_Problem_
The lines to copy are those in the listing that hold the word "lettering".

_Working data_

'''

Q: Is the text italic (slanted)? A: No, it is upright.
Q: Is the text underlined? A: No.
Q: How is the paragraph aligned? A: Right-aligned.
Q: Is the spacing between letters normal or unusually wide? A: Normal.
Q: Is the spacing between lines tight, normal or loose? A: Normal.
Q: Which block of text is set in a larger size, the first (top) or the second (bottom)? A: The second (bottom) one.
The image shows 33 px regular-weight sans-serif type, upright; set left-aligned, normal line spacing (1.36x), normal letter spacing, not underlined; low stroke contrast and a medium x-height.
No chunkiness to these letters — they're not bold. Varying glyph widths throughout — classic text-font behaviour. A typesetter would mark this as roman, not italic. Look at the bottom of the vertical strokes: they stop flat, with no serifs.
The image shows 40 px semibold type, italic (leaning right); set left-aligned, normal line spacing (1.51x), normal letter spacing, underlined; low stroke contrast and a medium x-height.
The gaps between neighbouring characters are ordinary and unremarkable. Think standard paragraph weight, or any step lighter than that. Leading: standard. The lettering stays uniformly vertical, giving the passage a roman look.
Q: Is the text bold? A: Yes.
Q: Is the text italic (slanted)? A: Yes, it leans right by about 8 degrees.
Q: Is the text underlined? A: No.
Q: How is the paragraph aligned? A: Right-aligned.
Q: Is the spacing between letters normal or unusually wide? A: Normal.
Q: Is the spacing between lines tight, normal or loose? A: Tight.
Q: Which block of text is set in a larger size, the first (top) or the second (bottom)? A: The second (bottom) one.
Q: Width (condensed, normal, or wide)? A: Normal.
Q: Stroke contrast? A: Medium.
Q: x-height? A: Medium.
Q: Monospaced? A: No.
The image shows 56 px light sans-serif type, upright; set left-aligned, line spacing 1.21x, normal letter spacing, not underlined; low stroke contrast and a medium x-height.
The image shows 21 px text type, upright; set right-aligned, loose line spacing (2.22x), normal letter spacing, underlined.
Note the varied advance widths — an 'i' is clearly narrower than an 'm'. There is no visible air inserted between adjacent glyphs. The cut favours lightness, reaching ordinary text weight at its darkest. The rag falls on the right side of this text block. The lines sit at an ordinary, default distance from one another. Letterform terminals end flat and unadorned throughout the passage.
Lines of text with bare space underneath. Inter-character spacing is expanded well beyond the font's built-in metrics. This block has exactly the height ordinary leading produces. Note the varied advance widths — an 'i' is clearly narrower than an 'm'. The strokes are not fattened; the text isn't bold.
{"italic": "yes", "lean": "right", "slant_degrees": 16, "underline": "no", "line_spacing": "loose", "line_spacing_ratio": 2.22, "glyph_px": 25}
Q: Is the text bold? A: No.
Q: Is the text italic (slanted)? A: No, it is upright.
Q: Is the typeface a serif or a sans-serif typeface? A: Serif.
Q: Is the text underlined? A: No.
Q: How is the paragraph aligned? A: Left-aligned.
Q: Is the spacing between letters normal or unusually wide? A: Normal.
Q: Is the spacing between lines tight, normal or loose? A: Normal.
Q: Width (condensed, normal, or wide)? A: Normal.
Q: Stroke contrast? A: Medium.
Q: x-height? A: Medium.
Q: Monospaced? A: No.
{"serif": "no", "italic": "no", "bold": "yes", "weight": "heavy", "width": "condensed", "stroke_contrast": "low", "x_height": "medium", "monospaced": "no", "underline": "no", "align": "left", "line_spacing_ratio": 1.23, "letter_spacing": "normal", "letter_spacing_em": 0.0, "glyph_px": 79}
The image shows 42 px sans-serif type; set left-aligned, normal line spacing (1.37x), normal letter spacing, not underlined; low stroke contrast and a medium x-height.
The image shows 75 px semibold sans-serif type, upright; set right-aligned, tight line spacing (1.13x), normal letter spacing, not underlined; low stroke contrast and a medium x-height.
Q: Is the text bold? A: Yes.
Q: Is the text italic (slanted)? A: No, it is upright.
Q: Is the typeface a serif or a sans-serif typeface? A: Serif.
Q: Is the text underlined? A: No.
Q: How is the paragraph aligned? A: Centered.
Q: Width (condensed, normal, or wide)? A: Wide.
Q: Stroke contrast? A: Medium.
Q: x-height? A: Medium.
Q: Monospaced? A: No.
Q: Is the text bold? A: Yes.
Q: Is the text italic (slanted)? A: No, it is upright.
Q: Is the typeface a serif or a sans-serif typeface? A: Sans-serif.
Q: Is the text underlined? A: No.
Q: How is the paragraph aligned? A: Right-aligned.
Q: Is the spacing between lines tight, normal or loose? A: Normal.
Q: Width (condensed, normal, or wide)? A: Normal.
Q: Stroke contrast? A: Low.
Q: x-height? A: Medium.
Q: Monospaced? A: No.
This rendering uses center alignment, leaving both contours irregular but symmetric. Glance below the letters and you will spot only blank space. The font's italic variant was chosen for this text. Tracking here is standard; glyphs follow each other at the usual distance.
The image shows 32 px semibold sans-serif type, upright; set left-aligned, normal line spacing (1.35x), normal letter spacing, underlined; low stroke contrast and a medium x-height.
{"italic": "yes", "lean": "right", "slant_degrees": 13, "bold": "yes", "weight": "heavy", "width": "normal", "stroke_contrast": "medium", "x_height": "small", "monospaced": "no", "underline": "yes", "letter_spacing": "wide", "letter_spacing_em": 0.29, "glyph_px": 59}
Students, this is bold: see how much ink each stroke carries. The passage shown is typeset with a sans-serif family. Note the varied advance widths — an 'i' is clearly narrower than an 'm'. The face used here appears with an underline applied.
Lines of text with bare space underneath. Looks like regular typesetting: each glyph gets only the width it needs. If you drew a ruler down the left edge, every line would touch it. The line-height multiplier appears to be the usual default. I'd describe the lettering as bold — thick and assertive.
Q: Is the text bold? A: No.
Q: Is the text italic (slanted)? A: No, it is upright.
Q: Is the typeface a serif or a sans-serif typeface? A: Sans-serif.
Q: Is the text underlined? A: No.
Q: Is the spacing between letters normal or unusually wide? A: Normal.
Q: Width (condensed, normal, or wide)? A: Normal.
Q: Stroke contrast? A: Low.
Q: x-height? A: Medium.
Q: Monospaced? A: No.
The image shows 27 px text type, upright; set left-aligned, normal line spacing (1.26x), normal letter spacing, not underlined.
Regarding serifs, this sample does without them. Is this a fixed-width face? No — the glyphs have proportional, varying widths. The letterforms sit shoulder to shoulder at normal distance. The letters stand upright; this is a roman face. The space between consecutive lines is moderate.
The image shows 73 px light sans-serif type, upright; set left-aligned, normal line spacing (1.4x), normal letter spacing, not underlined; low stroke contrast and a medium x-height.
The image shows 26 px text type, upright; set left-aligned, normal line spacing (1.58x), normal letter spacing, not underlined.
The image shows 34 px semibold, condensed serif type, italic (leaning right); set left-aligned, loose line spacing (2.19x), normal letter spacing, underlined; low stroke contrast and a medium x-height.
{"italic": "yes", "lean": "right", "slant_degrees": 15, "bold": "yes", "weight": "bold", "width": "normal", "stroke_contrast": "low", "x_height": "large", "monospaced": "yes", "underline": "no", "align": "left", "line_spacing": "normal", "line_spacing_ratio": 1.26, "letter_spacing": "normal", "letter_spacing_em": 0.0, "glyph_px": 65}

'''

_Task output_
The gaps between neighbouring characters are ordinary and unremarkable. Think standard paragraph weight, or any step lighter than that. Leading: standard. The lettering stays uniformly vertical, giving the passage a roman look.
Lines of text with bare space underneath. Looks like regular typesetting: each glyph gets only the width it needs. If you drew a ruler down the left edge, every line would touch it. The line-height multiplier appears to be the usual default. I'd describe the lettering as bold — thick and assertive.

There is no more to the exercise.